Why if we don't use residual graph in Ford-Fulkerson to finding
maximum flow give no any approximation of optimal solution?
With such a modification our algorithm do find a augmenting path and increase flow,continue until we have no augmenting path,I read many papers but I can't prove that without residual graph we have no any approximation of optimal solution.As the result suppose $F^*$ be optimal maximum flow,i want prove that this strategy give us $\alpha F^*$ such that $\alpha$ be a number in $0<\alpha\leq 1$.Any hint will be constructive.
Best Answer
The issue is making the "wrong" choices, in those cases the residual graph corrects them.
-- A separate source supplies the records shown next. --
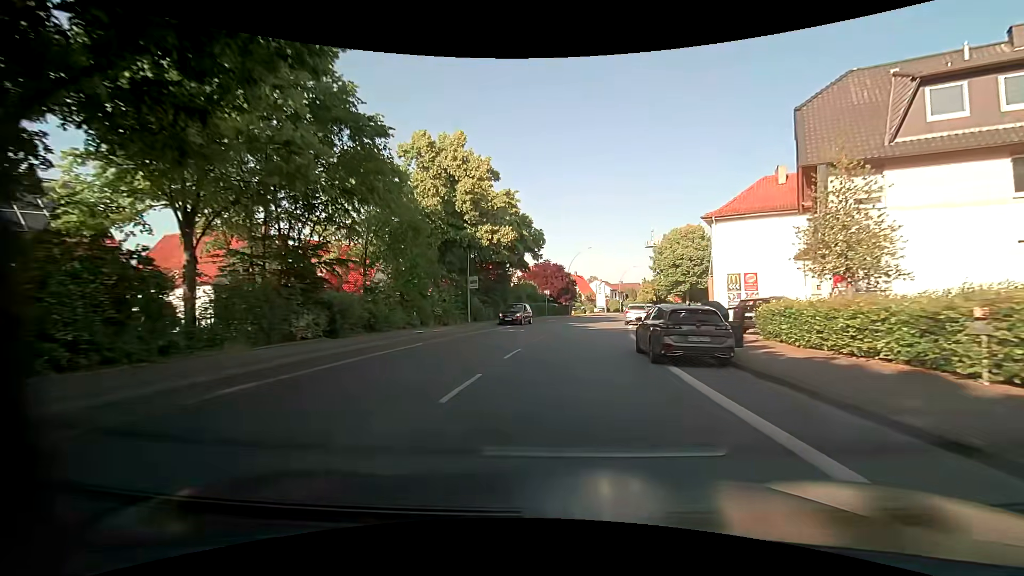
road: primary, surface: asphalt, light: Day
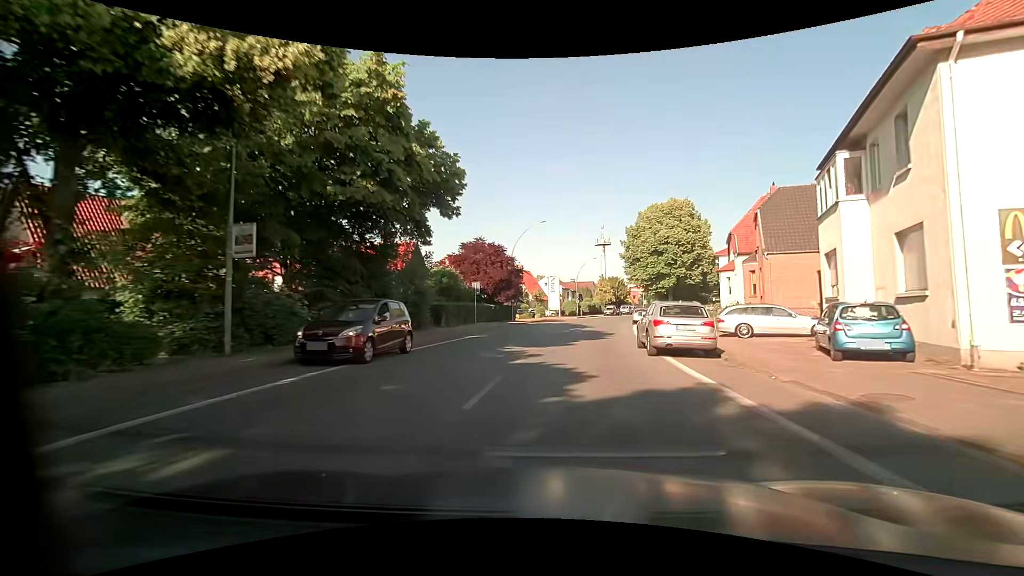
(+1.1, +24.1) m; +6°
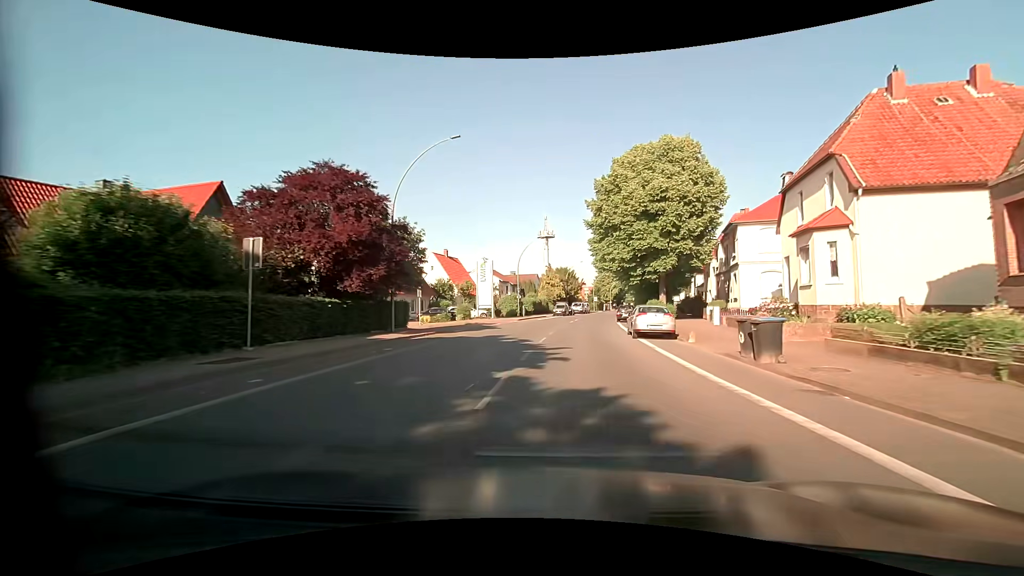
(+1.2, +24.1) m; +7°
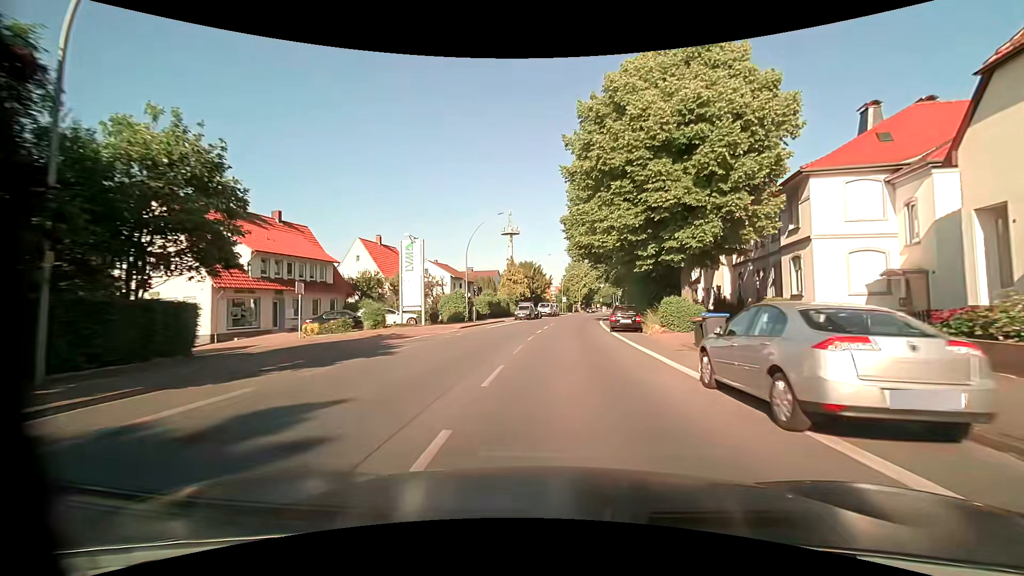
(+0.6, +16.1) m; +4°
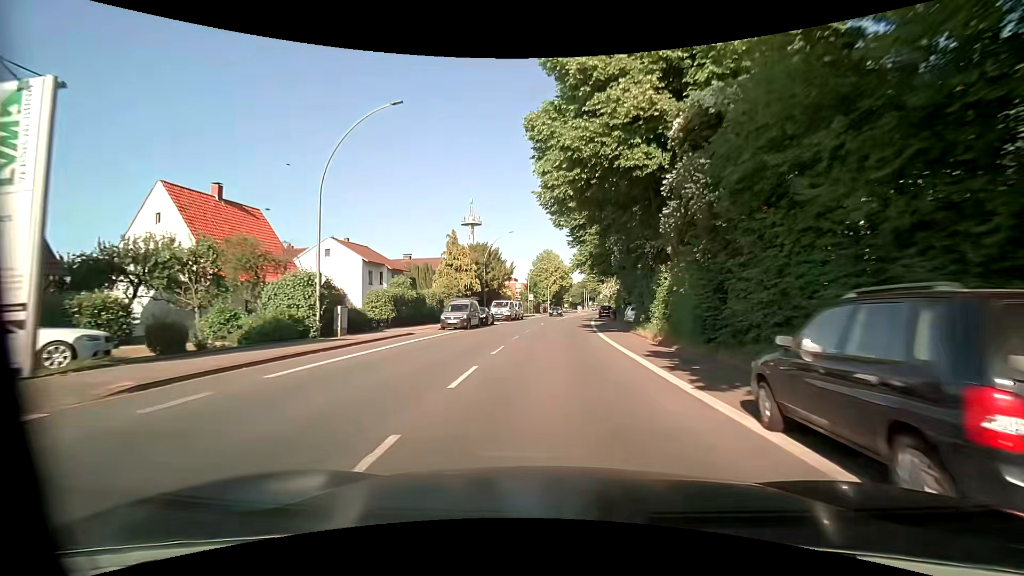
(+0.7, +24.3) m; +2°
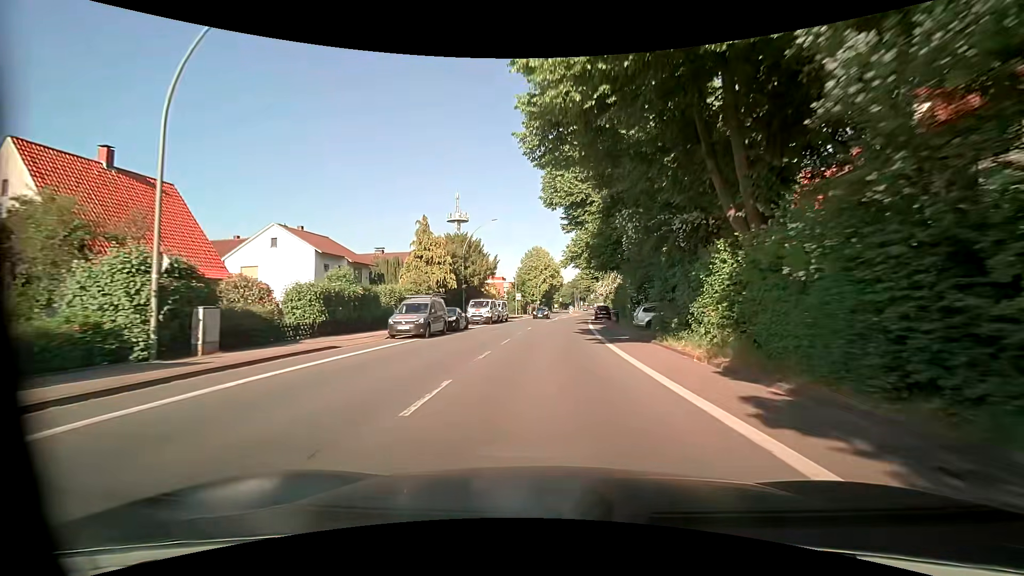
(+0.2, +8.1) m; +2°
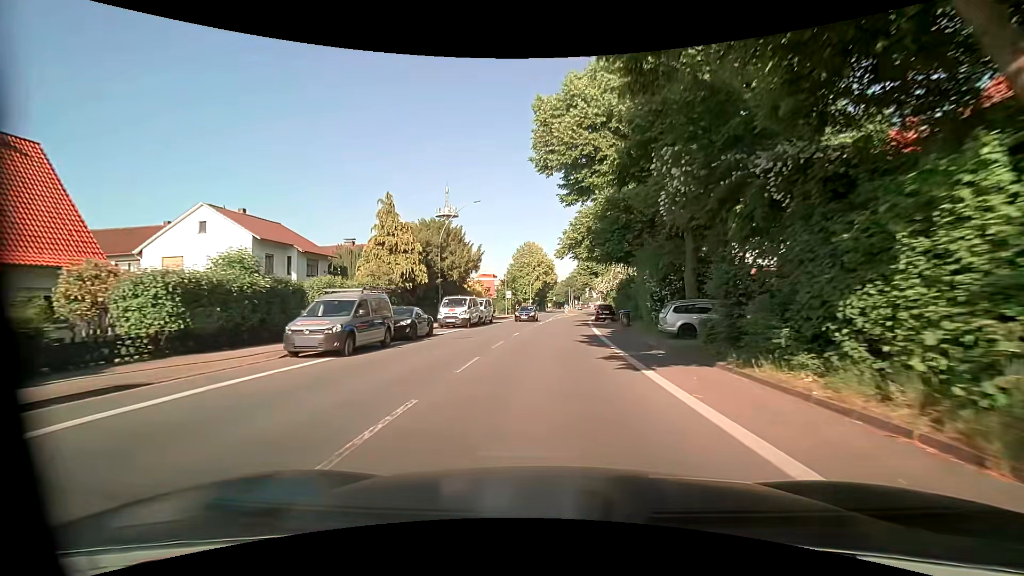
(0.0, +8.1) m; 0°
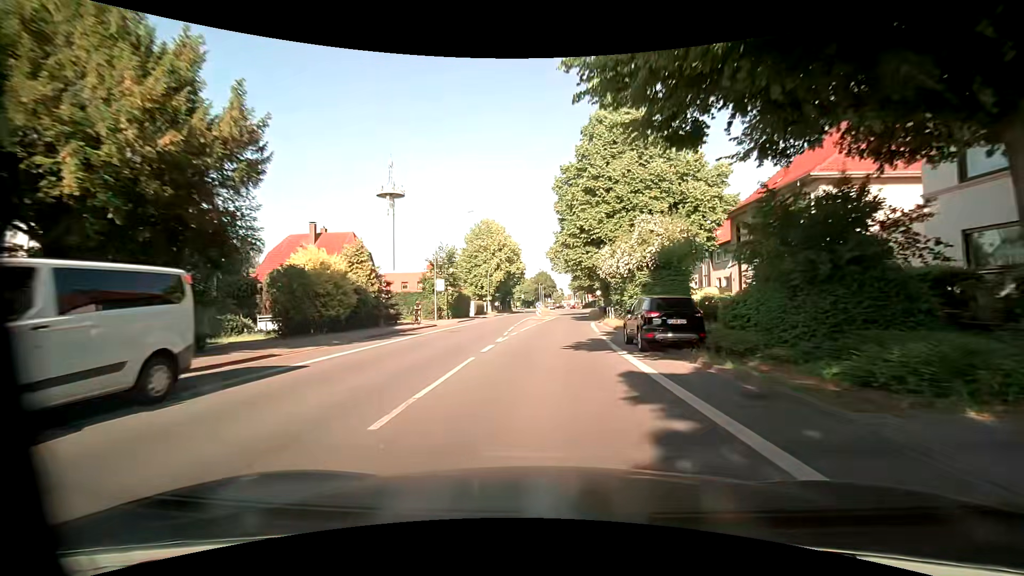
(+1.3, +32.4) m; +4°
(0, +10) (0, +20) (+1, +30) (+1, +40) (+2, +50) (+3, +60) (+4, +70) (+4, +80) (+5, +90) (+5, +100) m

To understand the issue, consider the digraph with vertices $s,t,a,b$ and arcs $\overrightarrow{sa}, \overrightarrow{sb}, \overrightarrow{ab}, \overrightarrow{ta}, \overrightarrow{tb}$ of capacity $1$ each.
This graph has an obvious flow of value $2$ namely $1$ on the route $s \to a \to t$ and $1$ on the route $s \to b \to t$.
But, and here is the issue, what if you start by setting a flow of $1$ on the route $s \to a \to b \to t$. Try to increase it, and you will see that, without using the residual graph (or undoing some of the choices) you cannot.
This can be easily extrended the following way: add vertices $c,t'$ and arcs $\overrightarrow{sc}, \overrightarrow{tc}, \overrightarrow{ct'}$ of capacity $1$ and $\overrightarrow{tt'}$ of capacity $2$. Then, this netweork has a flow of 3, but the flow $s \to a \to b \to t \to c \to t'$ of value $1$ cannot be increased. And the idea of this step can be extended inductively, to create a network which admits a flow of value $n \in \mathbb N$, but which also has a flow of value 1 which cannot be increased (unless we use the residual graph/undo some choices).